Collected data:
_ _ _ _ _
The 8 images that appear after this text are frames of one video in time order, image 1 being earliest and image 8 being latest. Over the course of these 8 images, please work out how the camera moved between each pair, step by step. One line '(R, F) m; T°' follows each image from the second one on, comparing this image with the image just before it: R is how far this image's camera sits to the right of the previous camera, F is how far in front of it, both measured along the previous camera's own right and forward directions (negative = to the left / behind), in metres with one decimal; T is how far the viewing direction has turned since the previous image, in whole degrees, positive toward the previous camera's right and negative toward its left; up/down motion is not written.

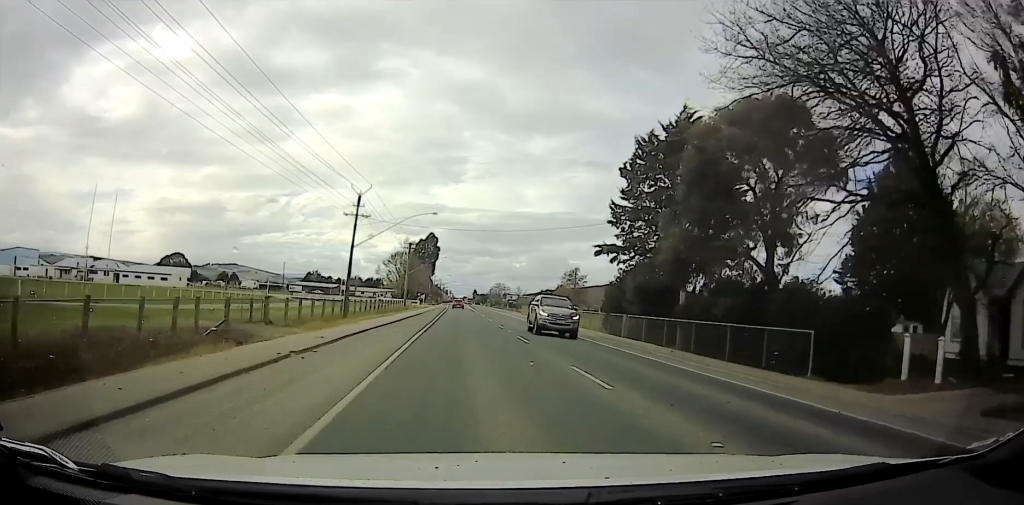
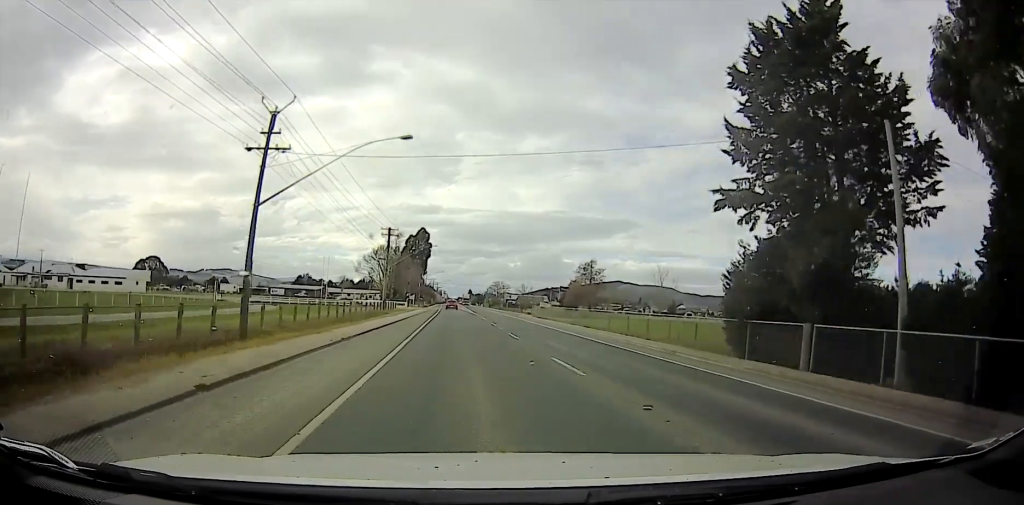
(-0.1, +13.1) m; -1°
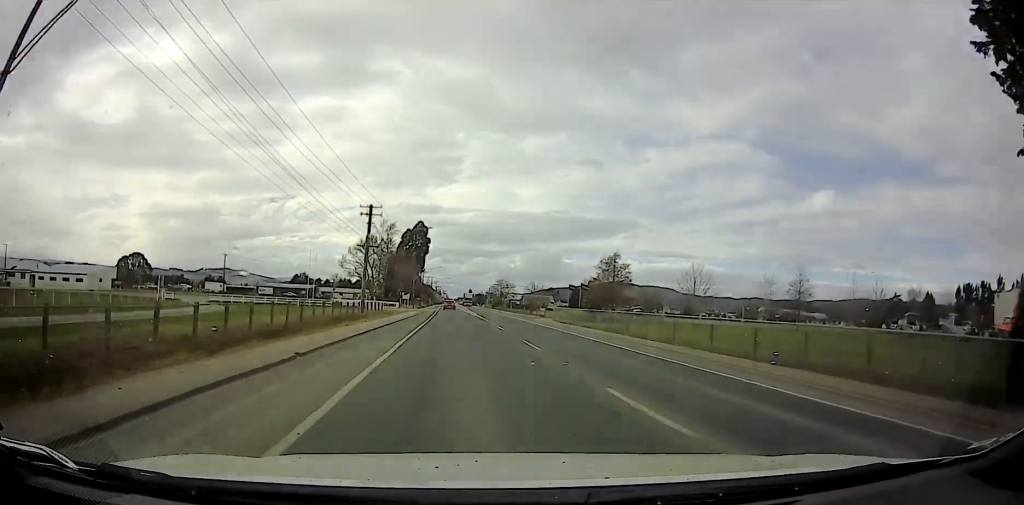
(0.0, +10.6) m; 0°
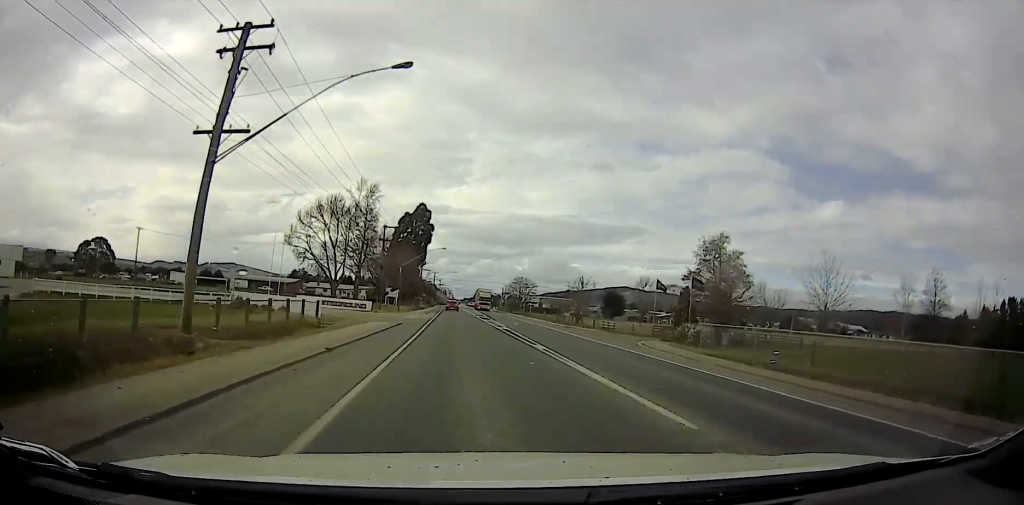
(-0.2, +24.6) m; -1°
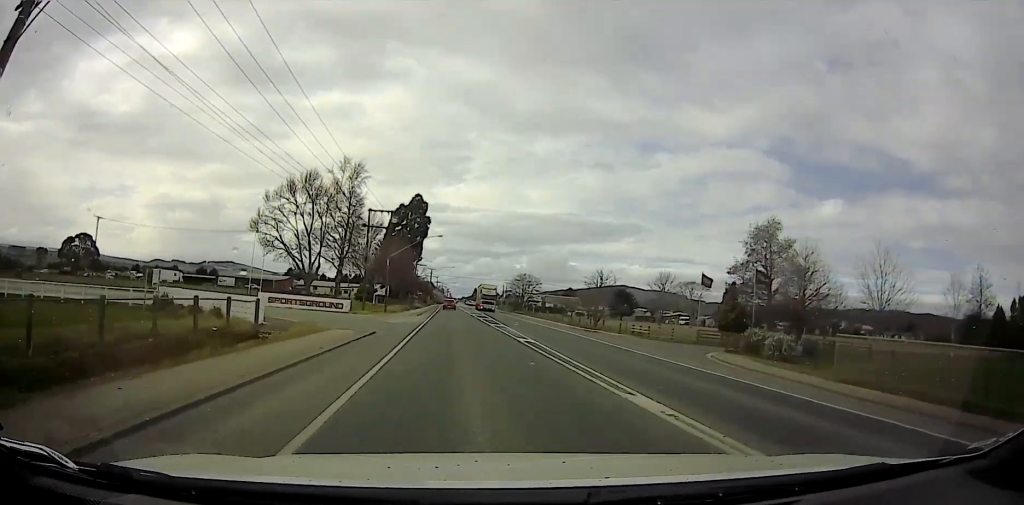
(0.0, +6.4) m; +1°
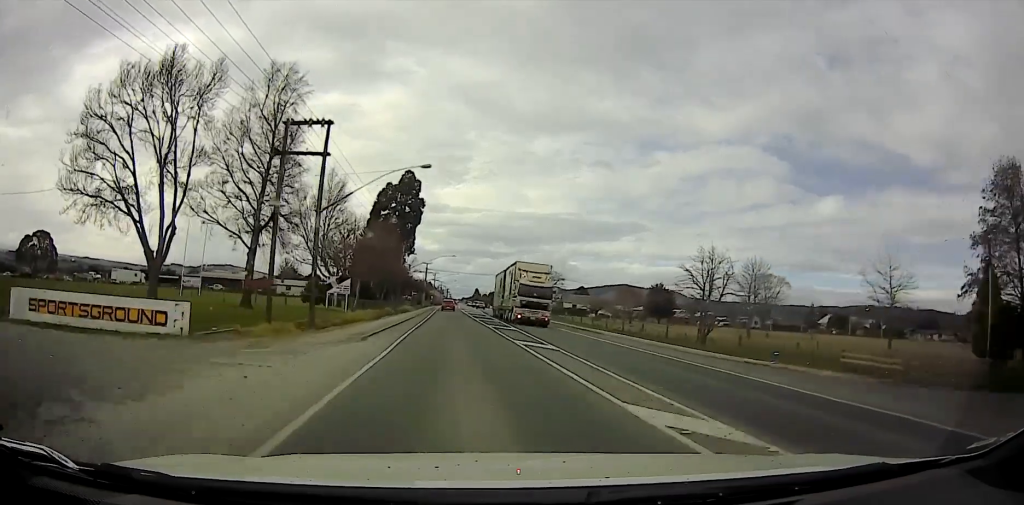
(+0.7, +16.9) m; +3°
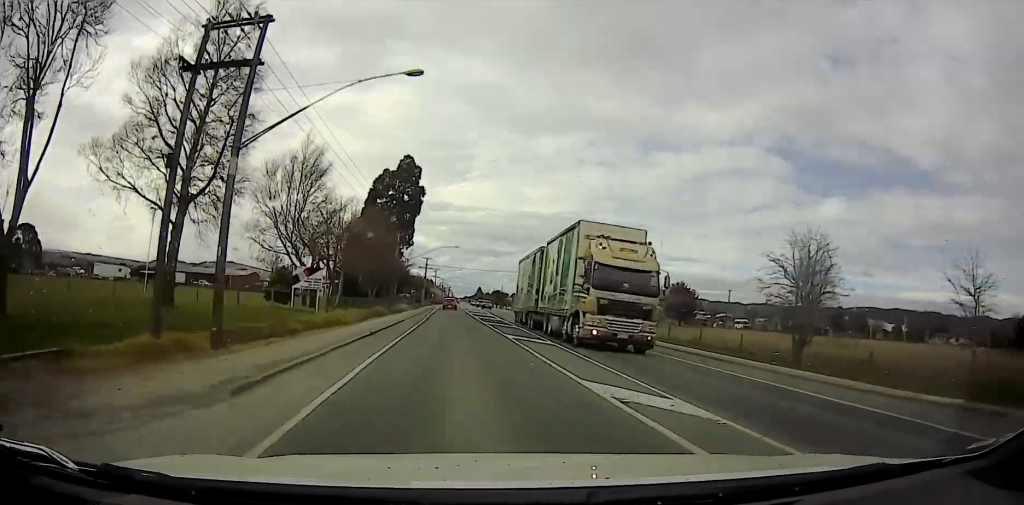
(+0.1, +6.7) m; 0°
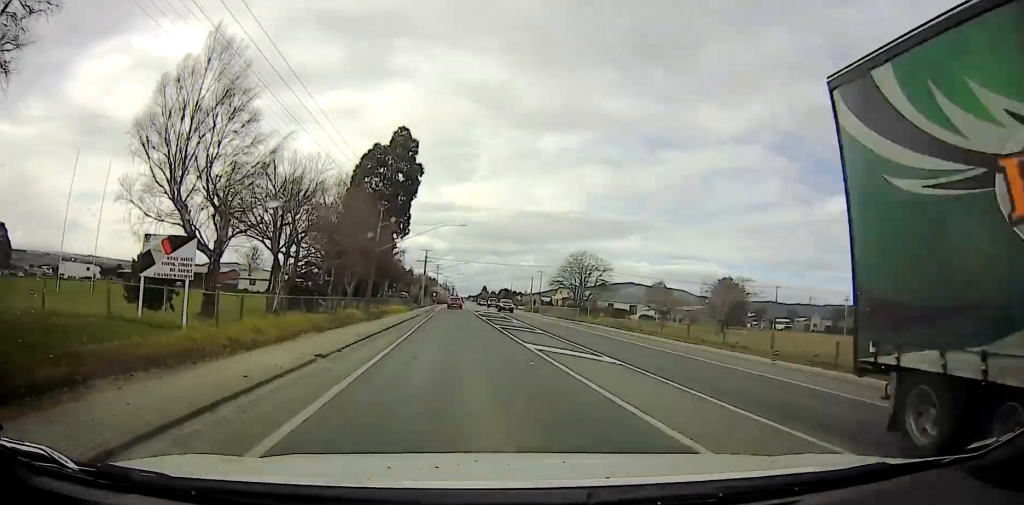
(-0.4, +12.1) m; -2°
_ _ _ _ _
(Task goal):
Quote every entry exactly, with the pictures omitted.

(Reply):
The 8 images that appear after this text are frames of one video in time order, image 1 being earliest and image 8 being latest. Over the course of these 8 images, please work out how the camera moved between each pair, step by step. One line '(R, F) m; T°' follows each image from the second one on, comparing this image with the image just before it: R is how far this image's camera sits to the right of the previous camera, F is how far in front of it, both measured along the previous camera's own right and forward directions (negative = to the left / behind), in metres with one decimal; T is how far the viewing direction has turned since the previous image, in whole degrees, positive toward the previous camera's right and negative toward its left; up/down motion is not written.

(-0.1, +13.1) m; -1°
(0.0, +10.6) m; 0°
(-0.2, +24.6) m; -1°
(0.0, +6.4) m; +1°
(+0.7, +16.9) m; +3°
(+0.1, +6.7) m; 0°
(-0.4, +12.1) m; -2°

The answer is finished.